Reputation: 613
As a single arabic character can take on multiple glyph forms there are multiple unicode/utf-8 encoding for each form e.g Aleph: Isolated == ا
with utf-8==\xD8\xA7
, Final == ـا
with utf-8==\xD9\x80\xD8\xA7
, Hamza == أ / إ
with utf-8==\xD8\xA5 / \xD8\xA3
, Maddah == آ
with utf-8==\xD8\xA2
, Maqsurah == ى
with utf-8==\xD9\x89
, where the base form would be the isolated aleph with utf-8==\xD8\xA7
.
How can I convert an arabic character to its base glyph form in Python 3?
Upvotes: 0
Views: 594
Reputation: 177610
You can use unicodedata.normalize
to convert code points to their decomposed form, consisting of a base character and a modifier.

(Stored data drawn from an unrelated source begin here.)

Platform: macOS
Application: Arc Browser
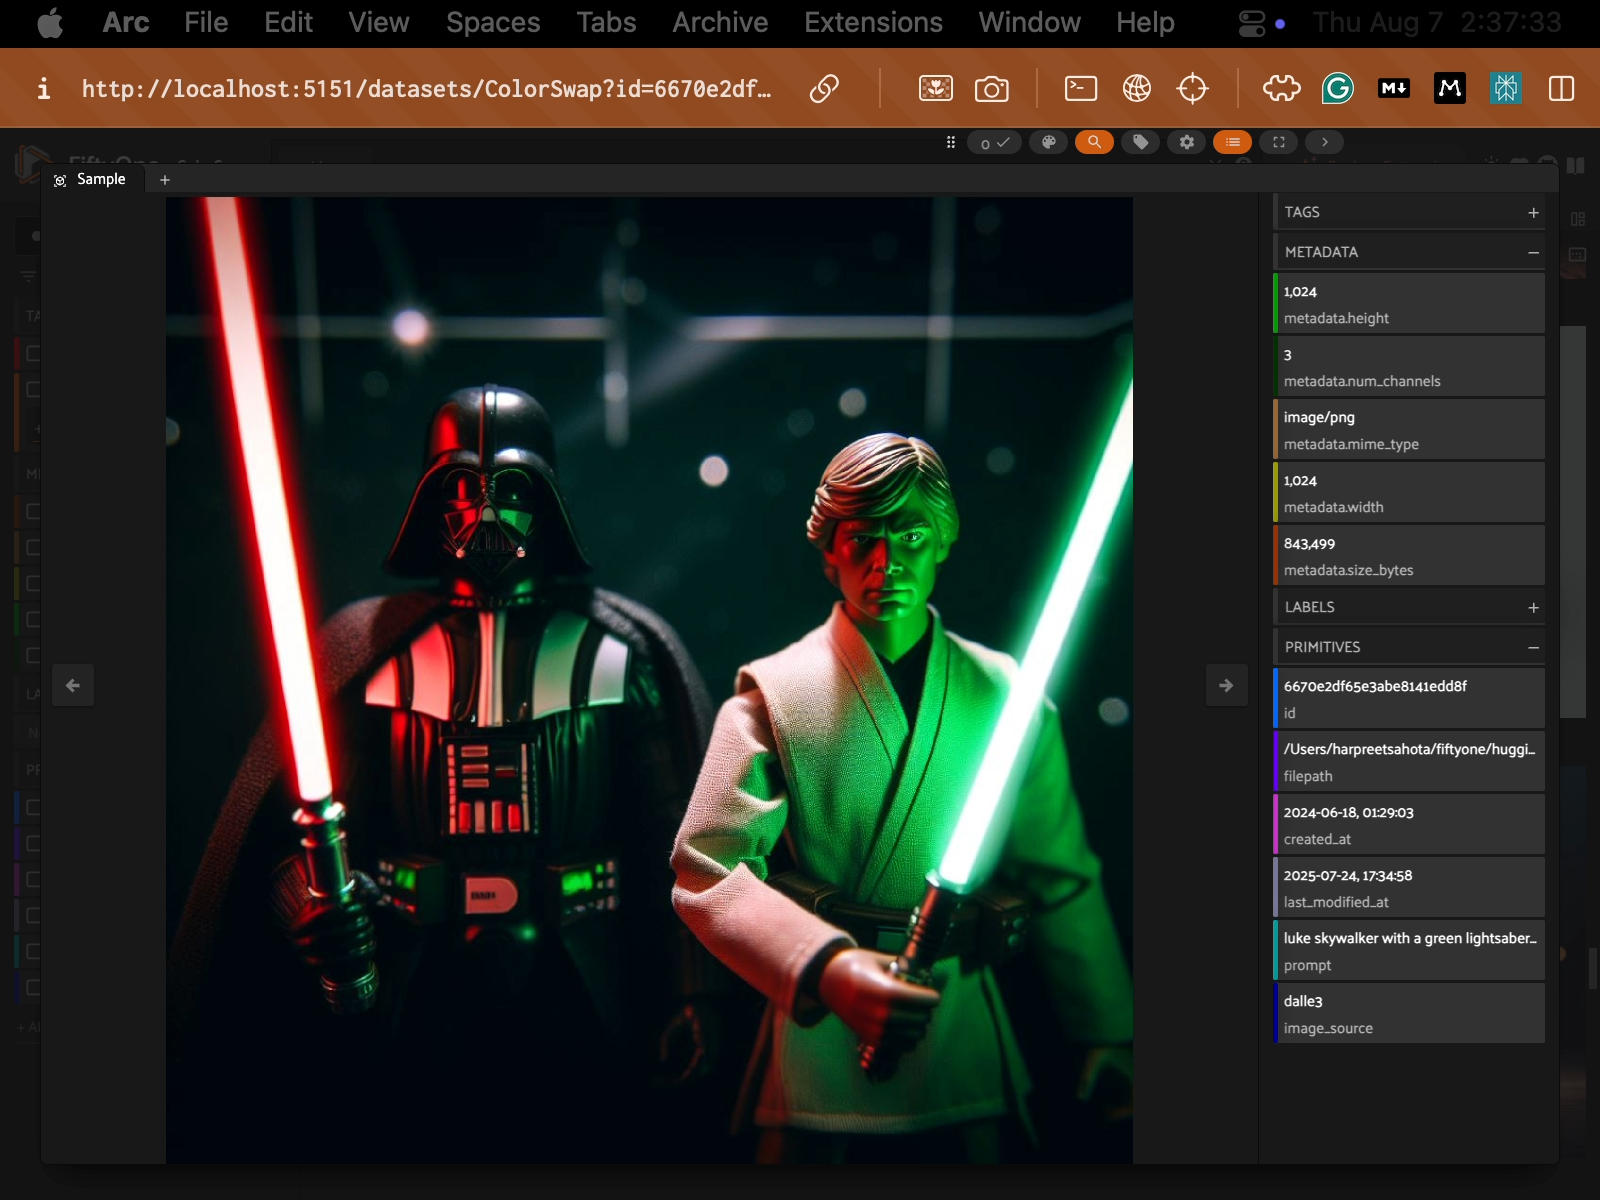
task_description: What is the height of this sample?
action_type: hover
element_info: Text
steps_since_start: 1

It doesn't work for all cases (particularly Maqsurah), but could help you write a function to determine some base forms:
>>> s='ـا' # this character already consisted of the base code point.

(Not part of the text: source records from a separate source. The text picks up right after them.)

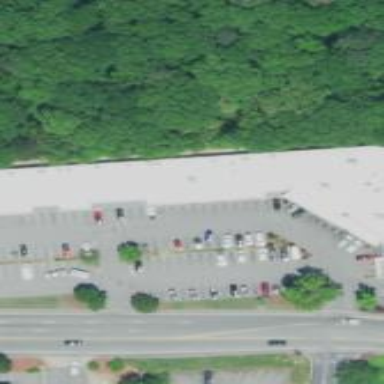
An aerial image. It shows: Retail building.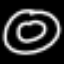
Label: donut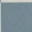
Piece: xx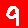
Digit: 9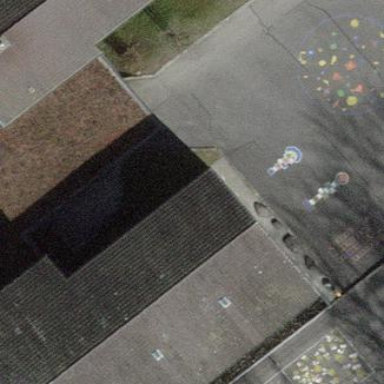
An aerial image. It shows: School building with school amenities.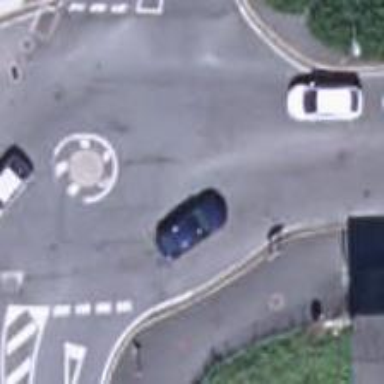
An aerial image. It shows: Tertiary road made of asphalt leading to roundabout junction.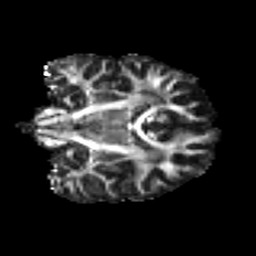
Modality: FA
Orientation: coronal
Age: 21
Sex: male
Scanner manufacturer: ge
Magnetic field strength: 3 T
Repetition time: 7.8 s
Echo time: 0.0606 s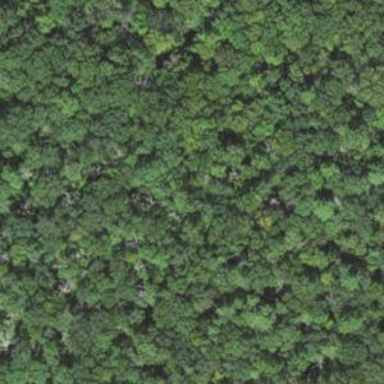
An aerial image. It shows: Mixed woodland area with various types of leaves.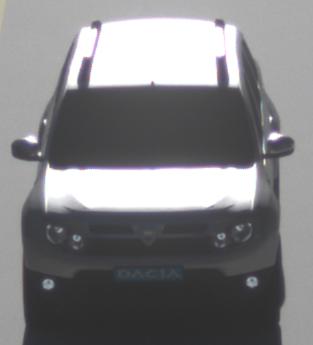
Make: Dacia
Model: Duster dCi 110 FAP
Detailed model: Duster (I)
Model produced from: 2010/06
Model produced until: 2013/11
Doors: 5
Color: white
Road condition: dry road
Daytime: morning or afternoon
Contrast: high contrast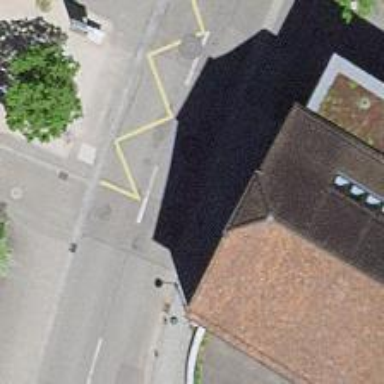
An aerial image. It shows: Bus stop equipped with public transport stop position.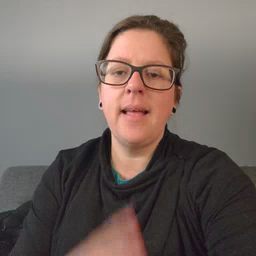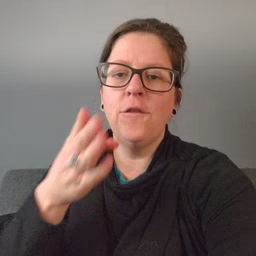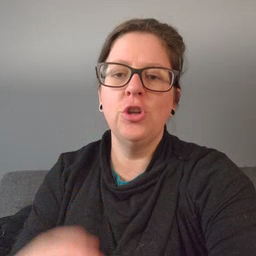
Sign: after
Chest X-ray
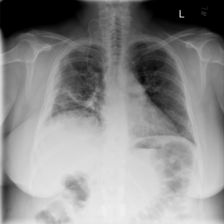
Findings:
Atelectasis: positive
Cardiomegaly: negative
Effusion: negative
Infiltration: positive
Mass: negative
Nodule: negative
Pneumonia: negative
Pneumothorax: negative
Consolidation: negative
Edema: negative
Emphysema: negative
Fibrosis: negative
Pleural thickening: positive
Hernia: negative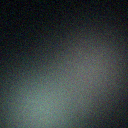
Screen state: off

>>> import unicodedata as ud
>>> for c in s:
... print(f'{c} U+{ord(c):04X} {ud.name(c)}')
...
ـ U+0640 ARABIC TATWEEL
ا U+0627 ARABIC LETTER ALEF
>>> s = 'أإآ' # These characters have decomposed forms
>>> for c in s:
... print(f'{c} U+{ord(c):04X} {ud.name(c)}')
...
أ U+0623 ARABIC LETTER ALEF WITH HAMZA ABOVE
إ U+0625 ARABIC LETTER ALEF WITH HAMZA BELOW
آ U+0622 ARABIC LETTER ALEF WITH MADDA ABOVE
>>> s = ud.normalize('NFD',s)
>>> for c in s:
... print(f'{c} U+{ord(c):04X} {ud.name(c)}')
...
ا U+0627 ARABIC LETTER ALEF
ٔ U+0654 ARABIC HAMZA ABOVE
ا U+0627 ARABIC LETTER ALEF
ٕ U+0655 ARABIC HAMZA BELOW
ا U+0627 ARABIC LETTER ALEF
ٓ U+0653 ARABIC MADDAH ABOVE
Upvotes: 2